◆ Collection entries ◆
━━━━
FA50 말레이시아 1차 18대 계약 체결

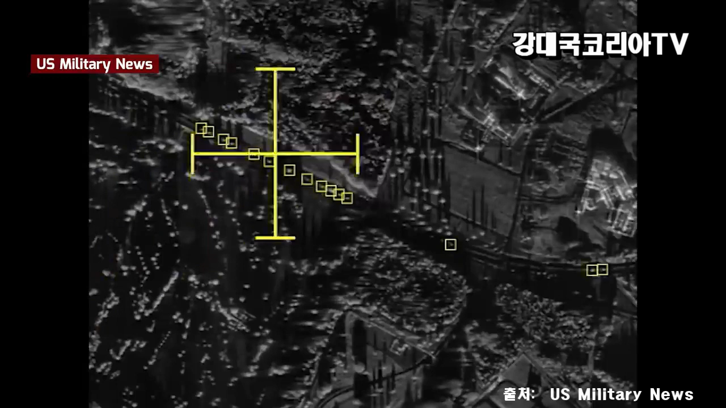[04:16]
레이더로 지라갈륨 소재의 반도체를 사용해 동급 레이더 대비 무게도 가볍고
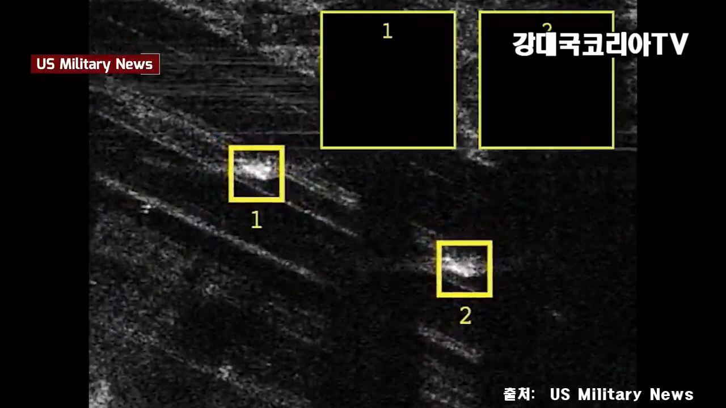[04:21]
전력 소모량도 적으며 가격도 저렴한 다기능 레이더로 어지간한 현역 전투기의 레이더에 버금가는 성능을 갖춘 것으로 가격 대비 성능이 매우 우수해
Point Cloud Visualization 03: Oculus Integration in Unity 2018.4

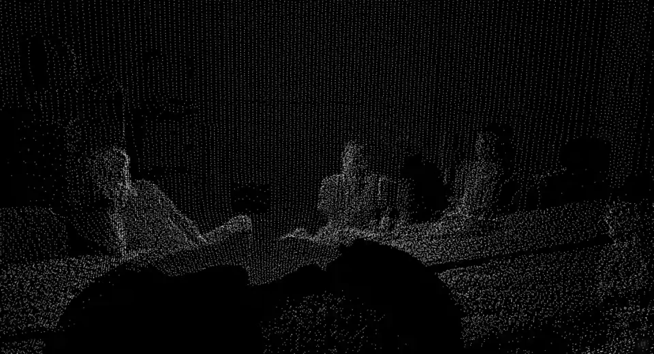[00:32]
and also if you like trigger things interactively such as this wall that if you remember from the last two workshops when we walked through it right at this point we can actually trigger some sound effects or
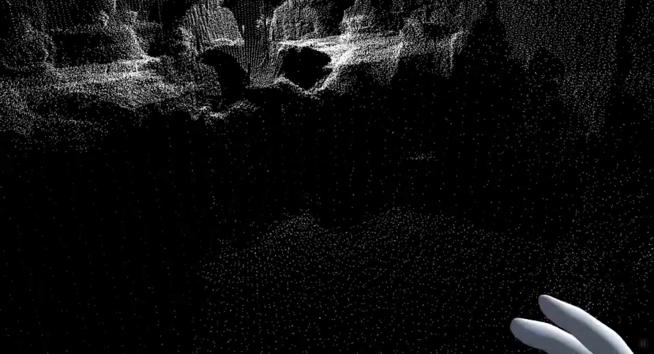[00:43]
sound events
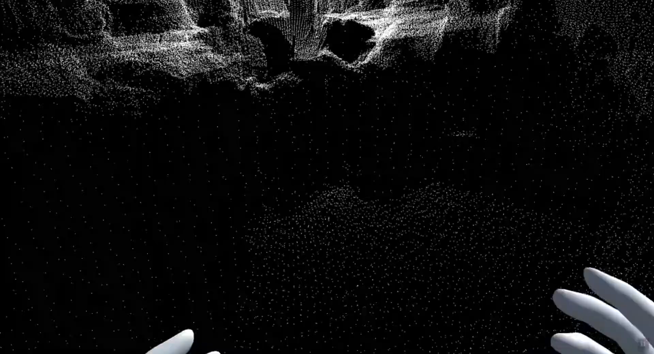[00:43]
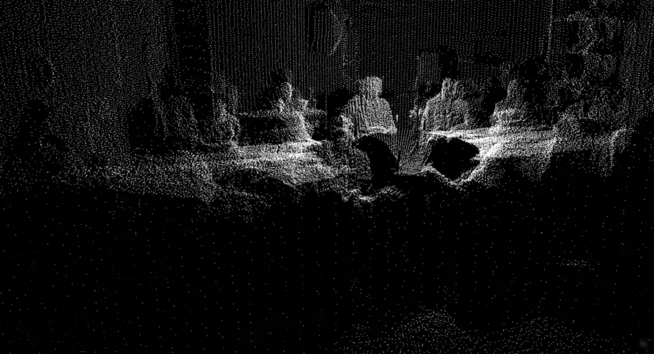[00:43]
that indicate that we have collided
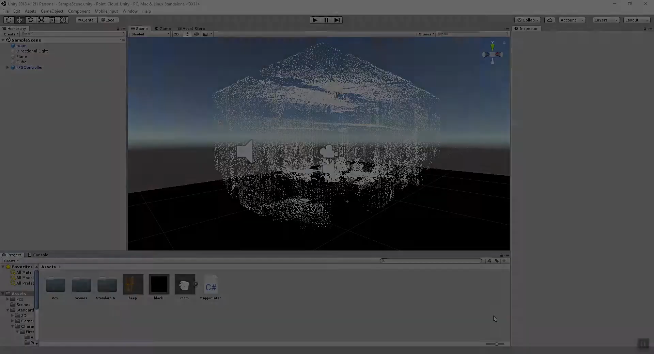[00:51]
Alright we begin this workshop where we left off in the last workshop and you can find a link to the tutorial for this workshop in the comment section for this video. So we can just play the scene and then
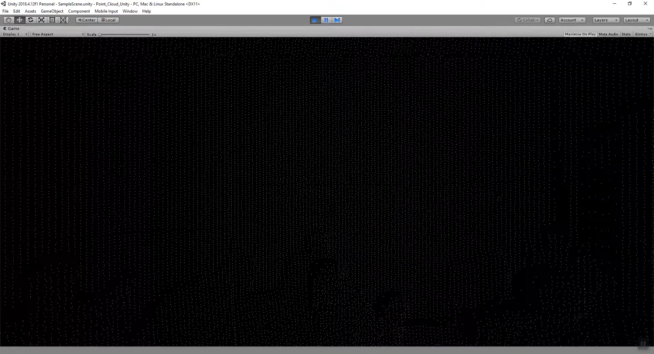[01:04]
interactively navigate the point cloud data by using the mouse to look around and
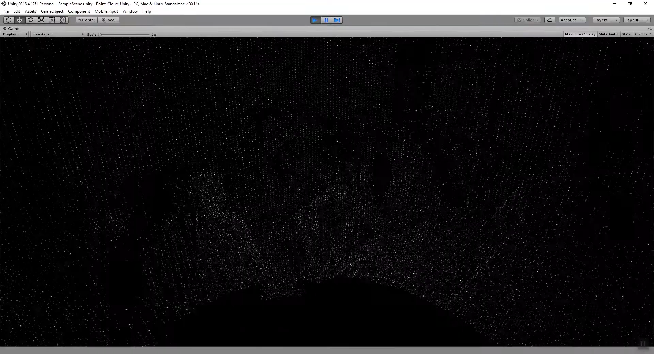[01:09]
━━━━
◆ EXERCISE GOAL ◆
From the first line to the last, output the records exactly without pictures.

◆ EXERCISE ANSWER ◆
FA50 말레이시아 1차 18대 계약 체결

[04:16]
레이더로 지라갈륨 소재의 반도체를 사용해 동급 레이더 대비 무게도 가볍고
[04:21]
전력 소모량도 적으며 가격도 저렴한 다기능 레이더로 어지간한 현역 전투기의 레이더에 버금가는 성능을 갖춘 것으로 가격 대비 성능이 매우 우수해
Point Cloud Visualization 03: Oculus Integration in Unity 2018.4

[00:32]
and also if you like trigger things interactively such as this wall that if you remember from the last two workshops when we walked through it right at this point we can actually trigger some sound effects or
[00:43]
sound events
[00:43]
[00:43]
that indicate that we have collided
[00:51]
Alright we begin this workshop where we left off in the last workshop and you can find a link to the tutorial for this workshop in the comment section for this video. So we can just play the scene and then
[01:04]
interactively navigate the point cloud data by using the mouse to look around and
[01:09]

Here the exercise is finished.